The past couple days have been really nice so I took some new pictures of a couple of the fillys and thought i would share.

This first filly is a week and a half old, her sire is Sandhills Farm War Dance and her dam is a Rowdy bred mare.












Then this filly is 6 days old. Her sire is out of Hunt House Farms Medallion son and a Sids Rebel daughter. And her dam is out of Little Kings Black Velvet and out of a Ritchers Apache daughter.


----------



## Lucky-C-Acres-Minis (Feb 19, 2008)

Both are beautiful!
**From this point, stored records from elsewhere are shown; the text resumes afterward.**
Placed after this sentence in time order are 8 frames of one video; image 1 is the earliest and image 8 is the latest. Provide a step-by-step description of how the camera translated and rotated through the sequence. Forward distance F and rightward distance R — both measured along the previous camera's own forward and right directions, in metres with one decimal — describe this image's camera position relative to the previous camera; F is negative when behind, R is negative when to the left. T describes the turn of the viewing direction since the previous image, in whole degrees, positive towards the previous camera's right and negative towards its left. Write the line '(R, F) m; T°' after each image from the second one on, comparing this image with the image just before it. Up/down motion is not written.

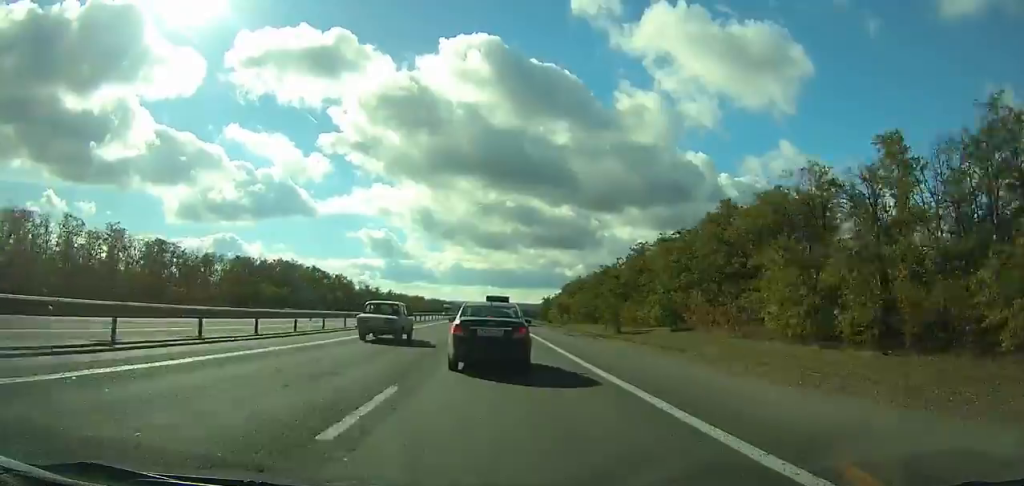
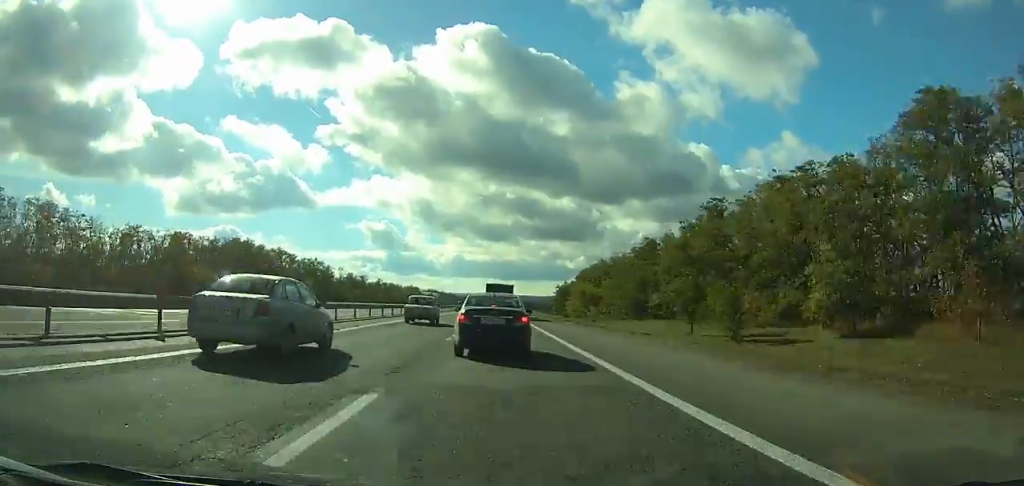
(-0.1, +34.6) m; 0°
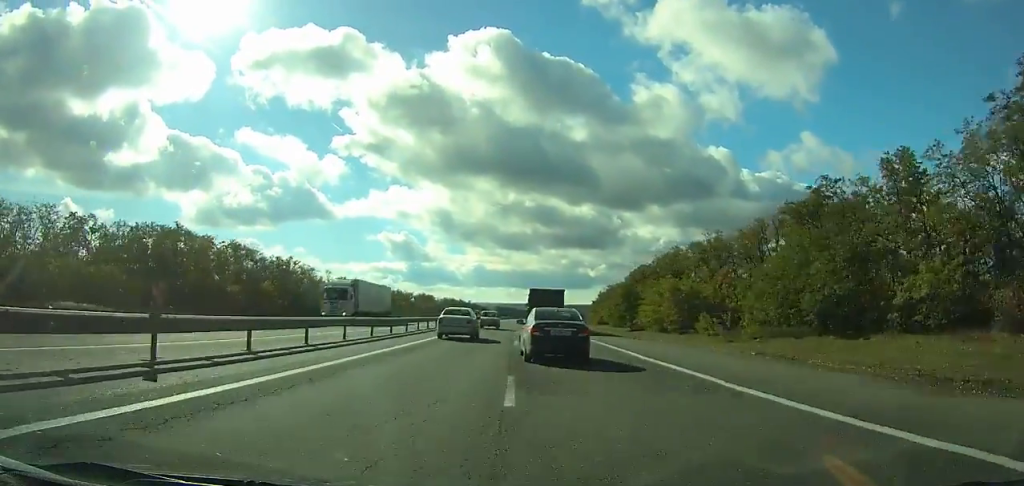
(-0.2, +46.9) m; 0°
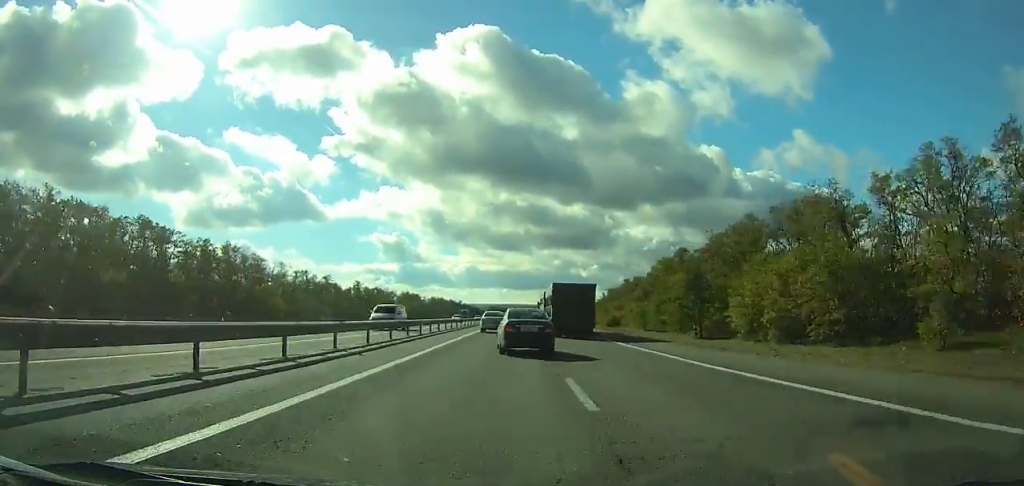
(-0.2, +34.2) m; +1°
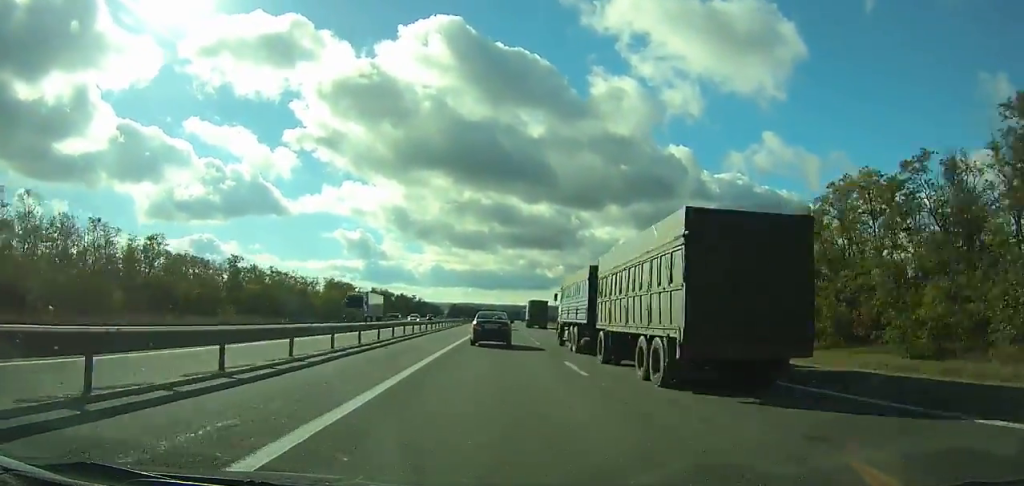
(+1.0, +75.2) m; +2°
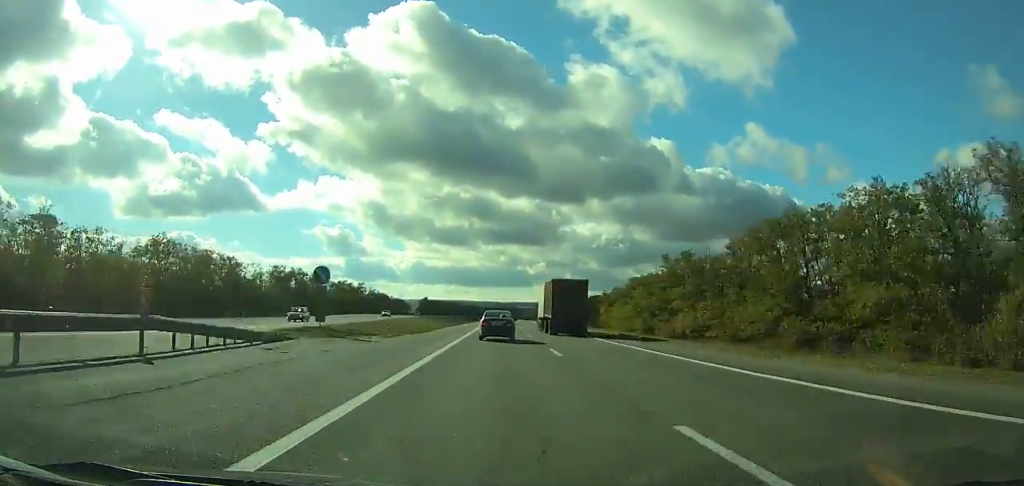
(+1.0, +88.0) m; +2°
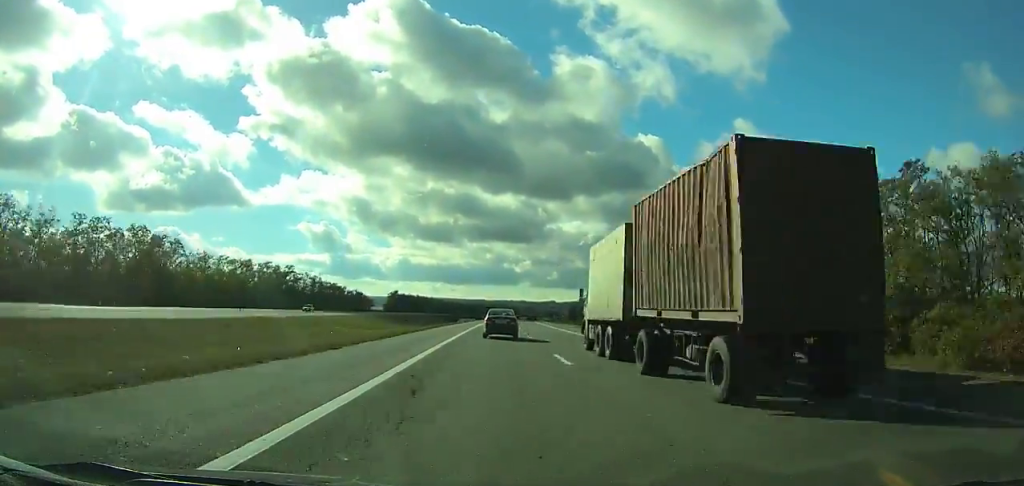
(+1.8, +66.3) m; +2°
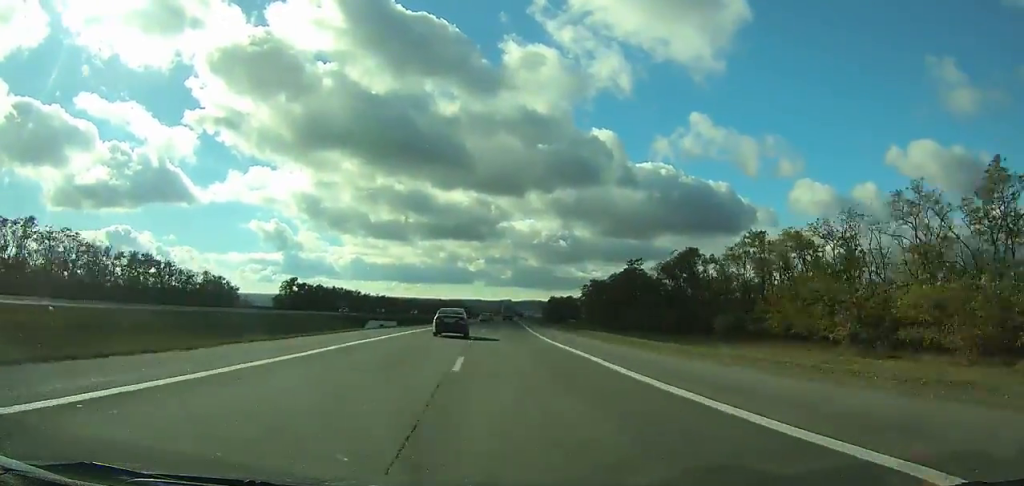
(+2.1, +98.0) m; +3°

The first one is too cute with her little white squiggle



Do they both have blue eyes?


----------



## Leeana (Feb 19, 2008)

Those are two beautiful fillys!!!


----------



## Mona (Feb 19, 2008)

They are both beautiful girls!


----------



## Miniequine (Feb 19, 2008)

Aubrey,

Congrats on BEAUTIFUL babies



)))

Keep posting pictures... I love seeing them !!

~Sandy


----------



## Sixstardanes (Feb 19, 2008)

Awwwdorable!


----------



## MyLilShowGirl (Feb 19, 2008)

You already know what I think of your babies ... G O R G E O U S


----------



## cowgurl_up (Feb 20, 2008)

If my first foal comes out looking anything like that I will be more then happy! Your fillies are so gorgeous!!! I think they will easily find their way to the showring!


----------



## wpsellwood (Feb 20, 2008)

Just as purdy as can be


----------



## MBhorses (Feb 20, 2008)

aw

so so cute.


----------



## Basketmiss (Feb 20, 2008)

What little sweethearts!!

I love them!!


----------



## MyBarakah (Feb 21, 2008)

Such Gorgeous Girls!


----------



## Tony (Feb 21, 2008)

They really are gorgeous filies! Congratulations.


----------



## midnight star stables (Feb 21, 2008)

VERY NICE!!


----------



## eagles ring farm (Feb 21, 2008)

Beautiful girls

I love seeing babies keep em coming


----------



## Aubrey715 (Feb 22, 2008)

Thank You everybody for all the wonderful comments about these girls! I am extremely happy with both of them so far.



> Do they both have blue eyes?


Only the second filly has blue eyes. I really have no clue where they came from either, because neither parent has blue eyes. As somebody mentioned when i posted pictures when she was born, it must be a recessive gene.


----------